1.2 s2f id abundance for all the samples table (S2fid_abundance_table_all_samples.txt).

This table has s2f id, sample names and annotation separated by '\t'. (how many reads have assigned to the s2f id), the full name of the assigned s2f id annotation.

#NAME	A1.CE2-S1	A3.CE1-M2	A4.CE1-H5	B1.CE2-S2	B3.CE1-M3	C1.CE2-S3	C3.CE1-M4	D1.CE2-S4	D3.CE1-M5	E1.CE2-S5	E3.CE1-H1	F3.CE1-H2	G3.CE1-H3	H2.CE1-M1	H3.CE1-H4	annotation
#CLASS:XX control middle high control middle control middle control middle control high high high middle high -
s2f_7617 158 338 475 130 329 178 342 185 479 160 312 429 241 309 345 K04198|GO:0004930;GO:0004962;GO:0005886;GO:0007165;GO:0007186;GO:0008217;GO:0016020;GO:0016021;GO:0042310;GO:0048484;GO:0086100|EDNRB|endothelin receptor type B
s2f_7570 10 9 9 8 1 8 23 8 23 9 9 7 15 7 12 K07437|GO:0004497;GO:0005506;GO:0016491;GO:0016705;GO:0020037;GO:0046872|CYP26A1|cytochrome P450 26A1
s2f_14150 0 1 0 0 0 0 0 0 0 1 1 0 1 0 0 K05254|GO:0005179;GO:0005576;GO:0007165;GO:0016608|GHRL|appetite-regulating hormone
s2f_6367 22 43 48 50 50 31 55 29 38 16 52 45 40 40 45 K03370|GO:0005794;GO:0006486;GO:0008373;GO:0016020;GO:0016021;GO:0016740;GO:0016757;GO:0097503|ST3GAL5|lactosylceramide alpha-2,3-sialyltransferase isoform X1
s2f_7077 42 81 44 63 61 61 63 66 60 83 46 65 72 74 51 U|GO:0000775;GO:0000776;GO:0005694|CFDP1|craniofacial development protein 1
s2f_12441 3 4 8 4 2 1 3 0 13 2 3 7 6 4 5 K15680|GO:0016491|HSD11B1L|hydroxysteroid 11-beta-dehydrogenase 1-like protein isoform X1
2. The following tables and figures are from (Seq2Fun_summary_all_samples.html).

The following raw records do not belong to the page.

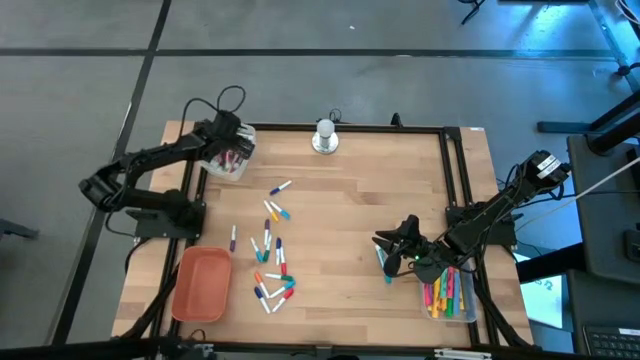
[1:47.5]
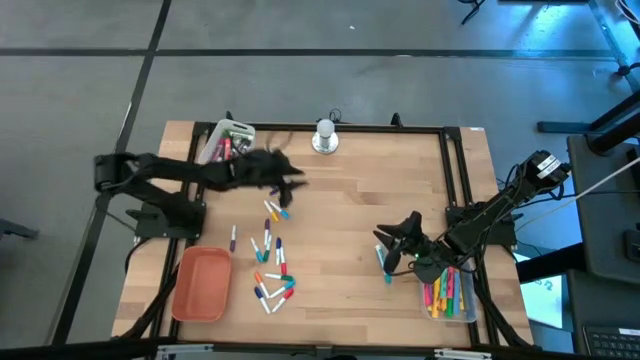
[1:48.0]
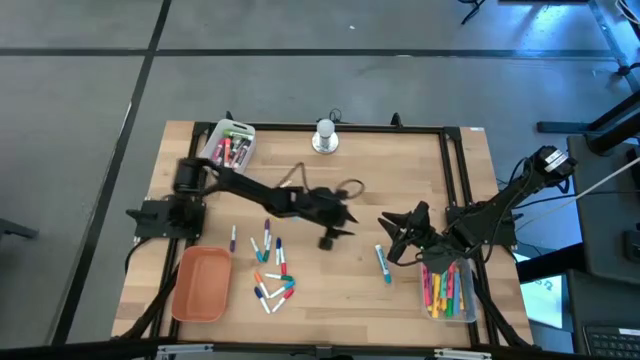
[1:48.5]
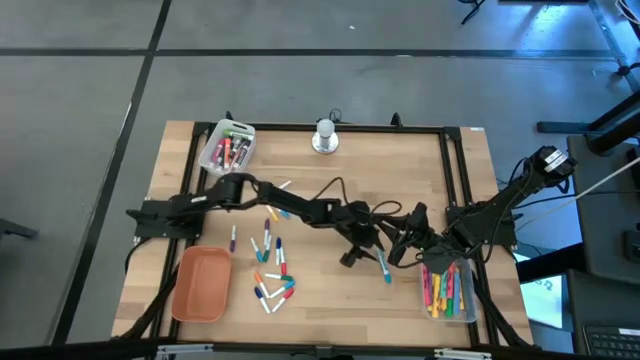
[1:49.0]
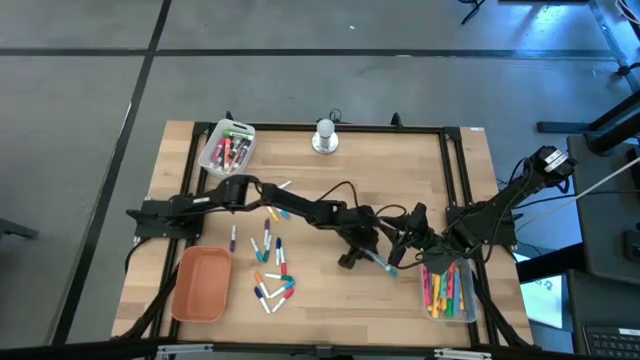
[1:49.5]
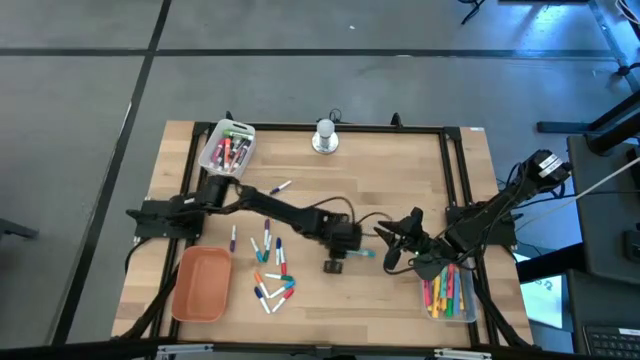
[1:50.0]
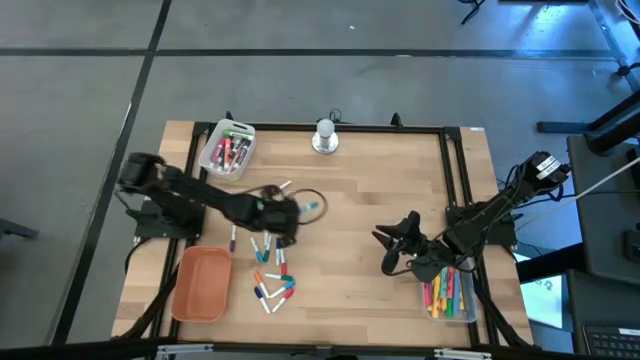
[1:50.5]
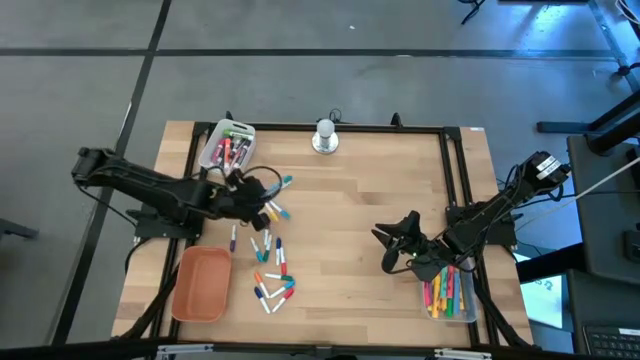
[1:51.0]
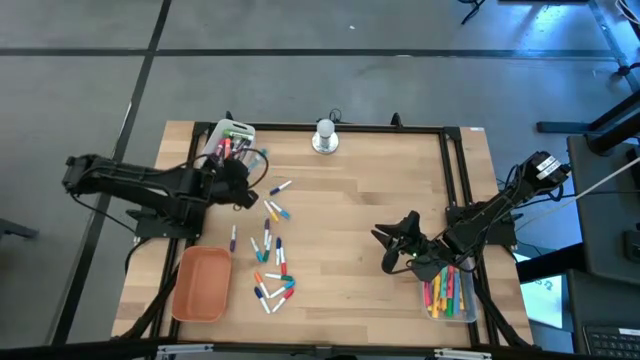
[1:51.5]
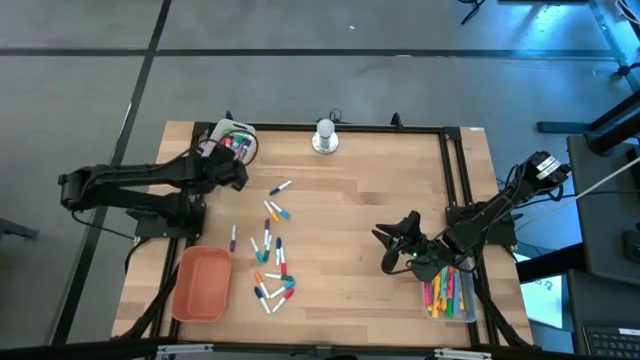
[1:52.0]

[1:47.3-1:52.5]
Put the light blue marker pen into the white bin

This table summarizes the general information of your samples.
Rarefaction curve (2d) for all samples.
Rarefaction curve (3d) for all samples.
Reads quality (3d) for all samples.
Downstream analysis: Pathways enrichment analysis (for Seq2Fun version 1)
We provide two options for downstream analysis, such as identification of differentially expressed KOs, pathway enrichment analysis, et al.

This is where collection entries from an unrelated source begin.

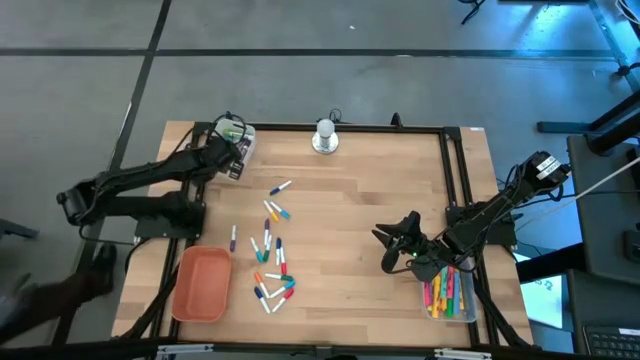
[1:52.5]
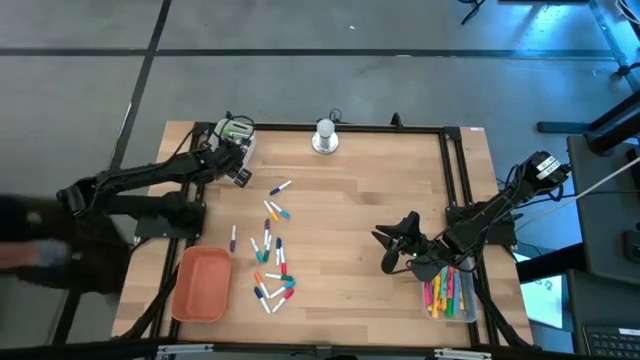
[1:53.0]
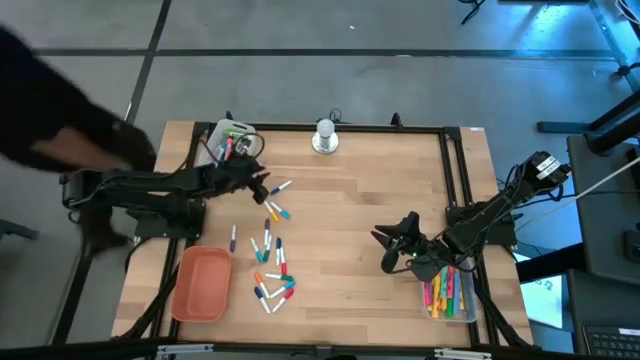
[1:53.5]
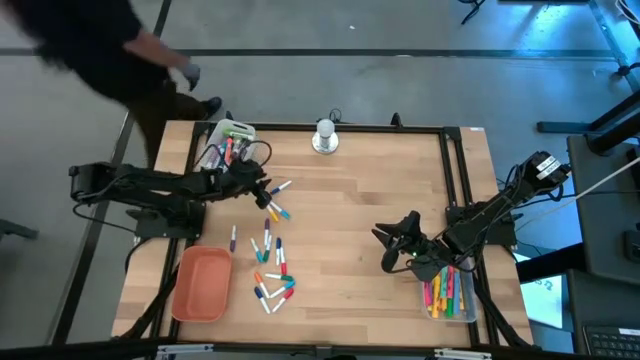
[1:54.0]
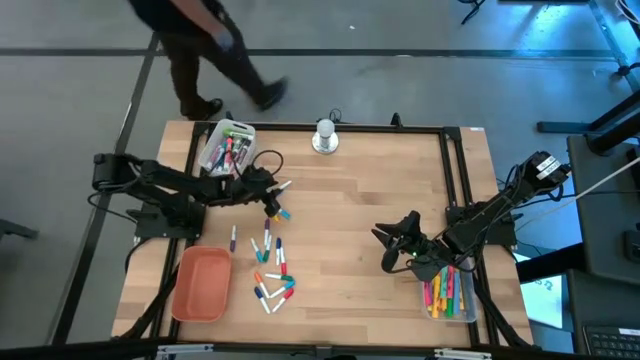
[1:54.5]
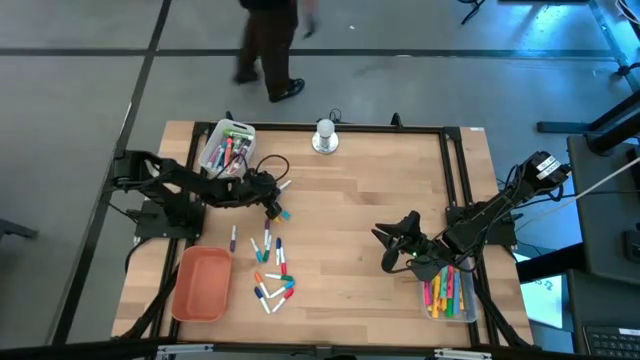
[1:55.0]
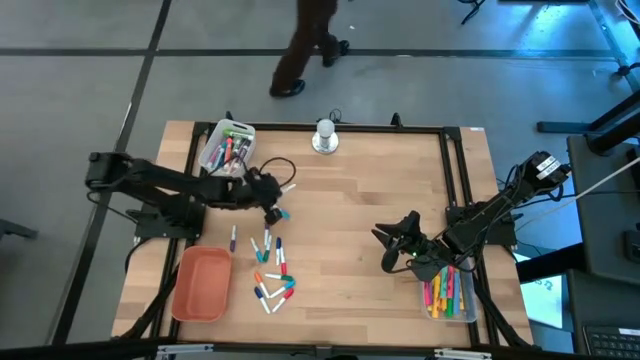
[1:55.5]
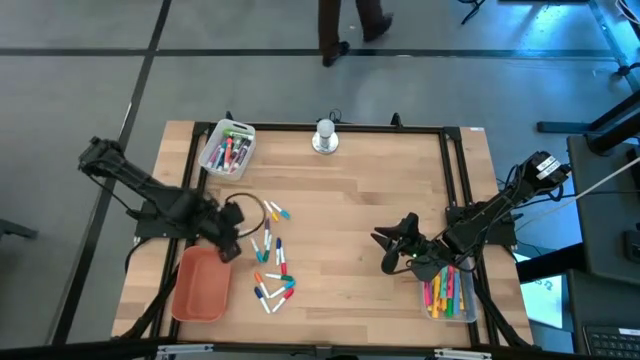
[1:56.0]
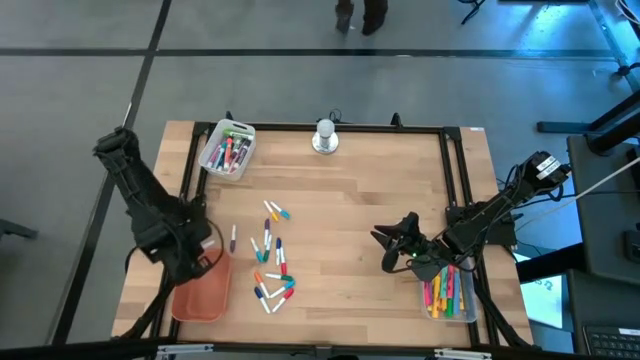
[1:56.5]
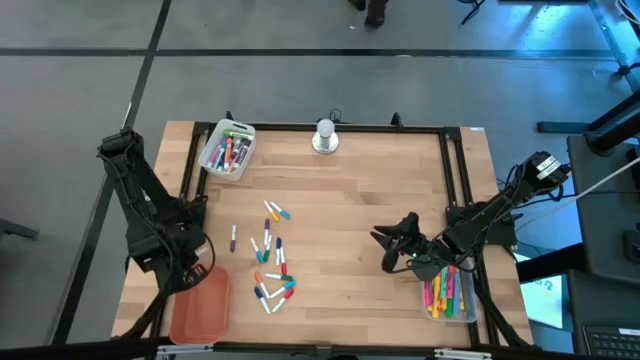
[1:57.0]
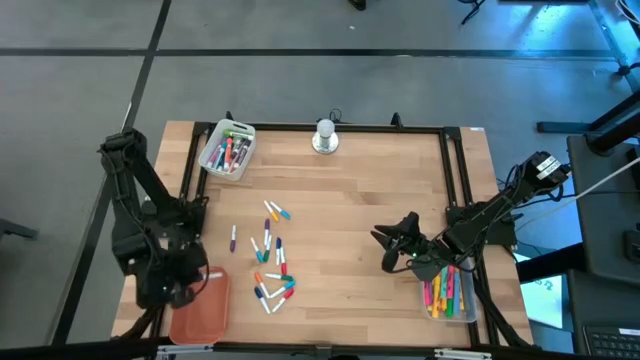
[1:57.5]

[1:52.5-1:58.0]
Put the blue and white highlighter pen into the orange bin

1. Online website-based analysis tool ExpressAnalyst
S2fid_abundance_table_all_samples_submit_2_networkanalyst.txt, this will be used to submit to ExpressAnalyst.

2. Based on the KO abundance table generated by Seq2Fun (version 1, from verion 2, we provide the s2f id abundance table), differentially expressed KOs are identified by limma (R package), and enriched pathways are analysized (GSEA) by HTSanalyzeR (R package).
We provide the R script (click here to download) to conduct pathway enrichment.
Please note that the following figure is generated by HTSanalyzeR, which may no longer be installed on current R version.
Therefore, we have developed an alternative R script using fgsea for pathway analysis and we suggest users to try the casestudy_fgsea.R.

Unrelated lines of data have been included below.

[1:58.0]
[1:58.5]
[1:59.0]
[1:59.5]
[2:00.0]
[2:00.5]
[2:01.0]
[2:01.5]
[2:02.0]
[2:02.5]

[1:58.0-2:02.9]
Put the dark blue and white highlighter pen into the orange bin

Significantly enriched pathways computed using GSEA for DCCO.
The absolute values of KO log2FCs were used for GSEA. Pathways were considered significant if the adjusted p-value was < 0.05. The log2FC of all genes in the enriched pathways are indicated with the vertical grey lines. The distribution for each pathway is colored according the pathway’s adjusted p-value.